Please see mail sent to samba mailing list. Having looked into the I don't beleive knowing the computer account password will help when using Microsoft ktutil to generate a keytab key as ktutil seems to only search for user objects not computer objects. Therefore I'm left with the problem that if I join my Samba server to an AD domain I am subsiquently unable to create additional keytabs for other services for a user object with the same name as the Samba created computer object within AD using ktutil (and vice versa). MS URL http://www.microsoft.com/technet/treeview/default.asp? url=/technet/prodtechnol/windows2000serv/howto/kerbstep.asp > Hi All, > > anyone else found that adding a Samba server to an AD domain > appears to be incompatible with using an AD Kerberos realm to > provide other Kerberised services such as NFS from the same > UNIX host? > Problem I have is that when you join an AD domain thorough > Samba 3.x net command this creates a computer account in the > AD to which the administrator does not know the account password. > If you following MS guidelines for configuring other UNIX > Kerberised services to authenticate against a Windows Kerberos > realm (AD domain) you are instructed to use a user account not > a computer account because to generate a keytab file for your > Kerberised service you must know the password for the Kerberos/AD > account. > As you cannot have an AD computer account with the same name as > an AD user account it would seem to me that using Kerberised > Samba is mutually exclusive with providing generic Kerberised > UNIX services from a single UNIX machine. Surely this will cause > many people problems if this is the case, have I missed something? This issue is intended to be addressed - but you can find out the (current) machine account password - just read the plaintext out of the secrets.tdb (root-only access, naturally). Either tdbtool, or a simple 'less' should show it. I think there may even have been some patches flying about to fix this, but I'm not sure... Feel free to file a bug (if there is not one already present) into bugzilla.samba.org Andrew Bartlett
Hi, I've had it pointed out to me that to use a computer account as a user account you must add a "$" onto the end of the account name.

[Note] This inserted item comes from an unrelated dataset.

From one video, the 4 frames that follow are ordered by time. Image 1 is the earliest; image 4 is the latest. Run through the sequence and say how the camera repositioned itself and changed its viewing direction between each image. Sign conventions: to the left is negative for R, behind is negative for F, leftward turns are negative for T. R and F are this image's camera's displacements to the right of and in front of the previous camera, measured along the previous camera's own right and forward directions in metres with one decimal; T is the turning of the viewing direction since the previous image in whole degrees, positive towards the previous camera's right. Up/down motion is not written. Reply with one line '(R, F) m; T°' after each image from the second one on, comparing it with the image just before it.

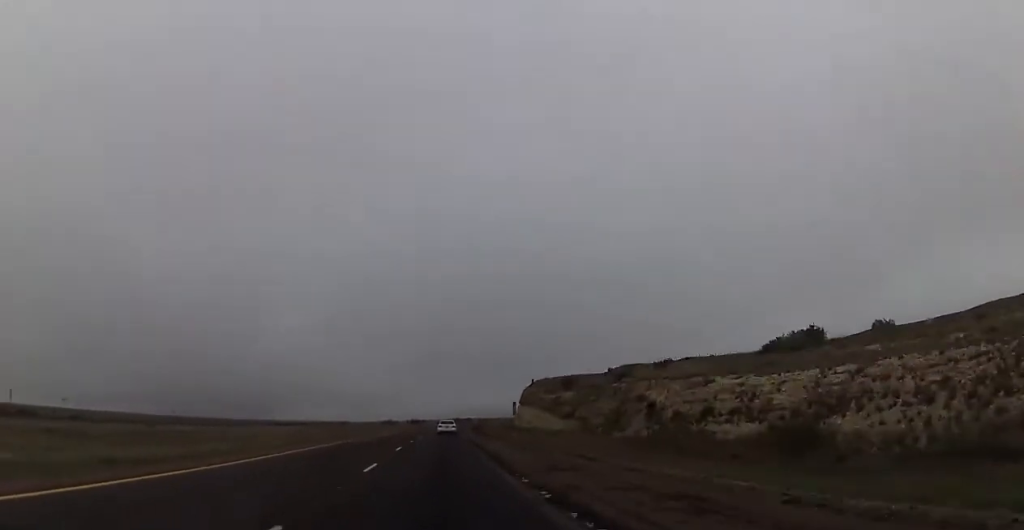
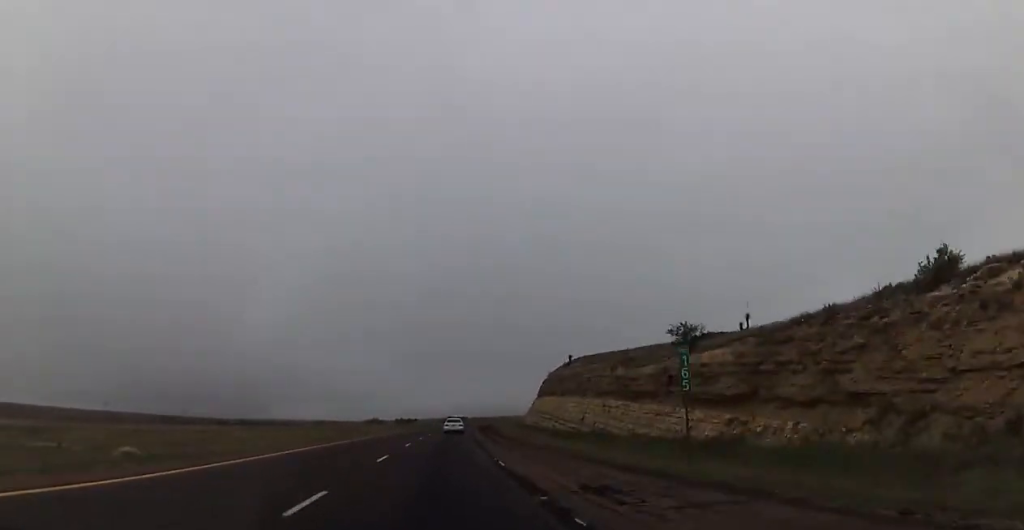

Having tried this with ktpass I found this does indeed work. However to use ktpass in conjunction with Samba 3.x joined to the AD you still need a method of either telling Samba what password to use when creating its computer account or asking it what its password is after joining the AD so a consistant password is used by both Samba and ktpass. Otherwise using ktpass will break samba and vice versa.
reseting target milestone. 3.0.1 has been frozen. WIll have to re-evaluate these.
Fixed in 3.0.6 (see the 'use keytab' smb.conf(5) option)
sorry for the same, cleaning up the database to prevent unecessary reopens of bugs.